Fazer o que se gosta, ter convivência saudável entre colegas e chefias e manter uma postura de sempre criar novos projetos que possam ser positivos para a empresa e para nós mesmos em termos de desenvolvimento profissional e pessoal reúnem condições que já poderíamos considerar como excelentes para alimentar a boa saúde mental no trabalho. Mas como em todos os setores da vida, no âmbito profissional é importante que regras e normas ajudem na manutenção desse bem-estar. Vão entrar em vigor em breve as mudanças da Norma Regulamentadora número 1 (NR-1). A data inicialmente prevista para vigorar em 1 de janeiro deste ano foi postergada para 26 de maio. Ainda assim o prazo é considerado curto por especialistas. Empresas de pequeno, médio e grande porte passam a ser obrigadas a identificar, avaliar e gerenciar riscos psicossociais que possam adoecer o trabalhador. A partir da nova data poderá ocorrer aplicação de multas pelo Ministério do Trabalho e Emprego caso essas condições não sejam atendidas.
A exigência, de acordo com a psicóloga e especialista em desenvolvimento de lideranças Helena Brochado, chega em momento crítico. Em 2025, relembra ela, casos de ansiedade e depressão no ambiente profissional cresceram 15% no país, tornando os transtornos mentais o segundo maior motivo de afastamento do trabalho no Brasil, conforme apurou o Ministério da Previdência Social. “A NR-1 deixa claro que saúde mental é gestão de risco. Quem não se adequar agora corre riscos jurídicos, financeiros e humanos. Não se trata mais de escolha, mas de obrigação que exige método, liderança e ação estruturada”, afirma a profissional.

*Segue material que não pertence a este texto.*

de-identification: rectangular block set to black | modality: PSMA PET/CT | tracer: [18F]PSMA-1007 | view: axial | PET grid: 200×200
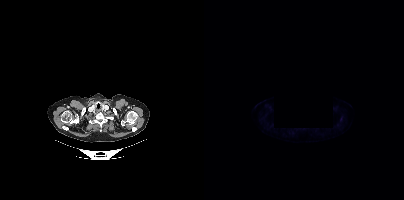
This slice has no annotated PSMA-avid lesion.
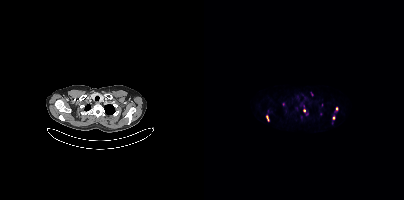
Coordinates are on the 200×200 PET (right) panel. (showing 5 of 10 foci) PSMA-avid tumor lesion bounding box (x0, y0)-(x1, y1): (63, 116)-(64, 120). Small PSMA-avid foci (2 to 4 px across) near (center x, center y): (108, 93); (100, 111); (132, 108); (129, 117). Left: CT. Right: PSMA PET, same axial level, 68Ga tracer.
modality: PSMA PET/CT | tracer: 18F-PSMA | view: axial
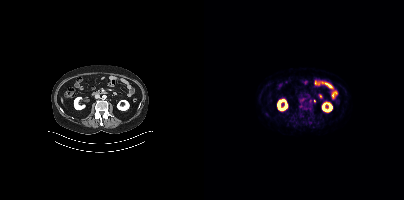
Coordinates are on the 200×200 PET (right) panel. Small PSMA-avid focus (2 to 4 px across) near (center x, center y): (110, 101).
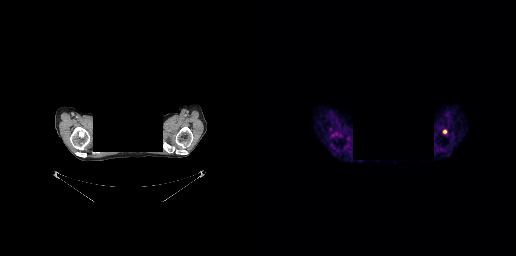
Findings: Coordinates are on the 256×256 PET (right) panel. Small PSMA-avid focus (2 to 4 px across) near (center x, center y): (184, 131).
Technique: Left: CT. Right: PSMA PET, same axial level, 68Ga-PSMA tracer. slice 232 of 263.
Note: Privacy masking over the head, with the pixels inside a rectangle set to black.
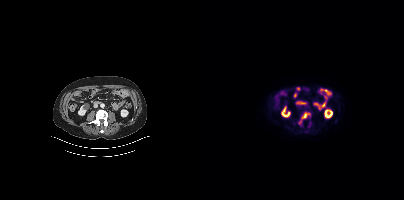
Coordinates are on the 200×200 PET (right) panel. (showing 2 of 3 foci) PSMA-avid tumor lesion bounding boxes (x, y, width, height): x=95 y=112 w=12 h=12 | x=104 y=123 w=4 h=6.
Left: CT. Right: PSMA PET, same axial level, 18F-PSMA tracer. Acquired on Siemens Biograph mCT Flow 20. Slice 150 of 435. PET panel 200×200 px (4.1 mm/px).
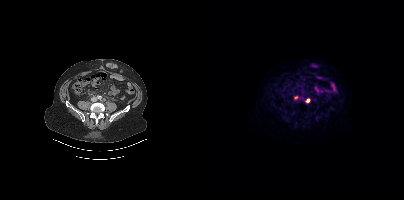
Coordinates are on the 200×200 PET (right) panel. Small PSMA-avid focus (2 to 4 px across) near (center x, center y): (91, 97).
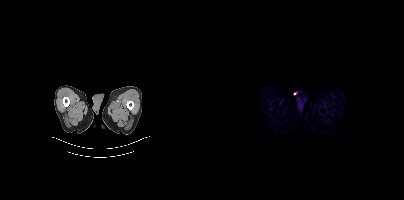
No tumor lesions annotated on this slice.
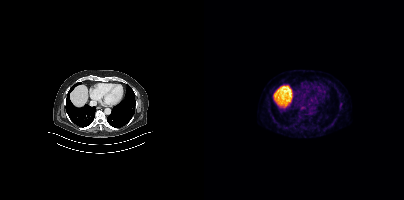
{"modality":"PSMA PET/CT","view":"axial","tracer":"68Ga","pet_grid":[200,200],"coord_frame":"pet_panel","coord_format":"x0,y0,x1,y1","lesion_bboxes":[[136,103,137,107]]}

No Rio Grande do Sul o impacto é ainda maior. O Estado liderou os afastamentos por saúde mental na Região Sul em 2025, com 46,8 mil licenças concedidas. Proporcionalmente, aparece entre as unidades da Federação com as maiores taxas de afastamento por transtornos mentais por 100 mil habitantes, cenário que especialistas associam, entre outros fatores, aos efeitos prolongados das enchentes de 2023 e 2024. “O maior erro é tratar a NR-1 como exigência burocrática. Ela não se cumpre só com documentos. É preciso preparar líderes e ouvir as pessoas”, enfatiza a psicóloga, autora do livro “Diário da liderança com propósito”.
NA PRÁTICA
A vida como um todo e o trabalho se misturam cada vez mais. É impressionante a informação trazida por especialistas relacionada com o estresse das enchentes de 2023 e 2024 afetando trabalhadores no RS, um fator que no ano seguinte, em 2025, ainda atropelava planos de carreira. Afinal, quem trabalha em paz tendo passado um, dois anos precisando reconstruir ou recuperar a moradia?
Caiu no senso comum, e muita gente ouviu essa frase por décadas. “Quando chegamos ao trabalho, os problemas pessoais ficam do lado de fora da porta”. Tragédias como as vividas pelos gaúchos ainda aparecem nas análises de especialistas sobre o mundo do trabalho. Realmente o prazo para vigorar a norma já em maio é curto. Mas com tudo que se viveu, aprender a mapear dificuldades com apoio de uma legislação pode significar muito em produtividade.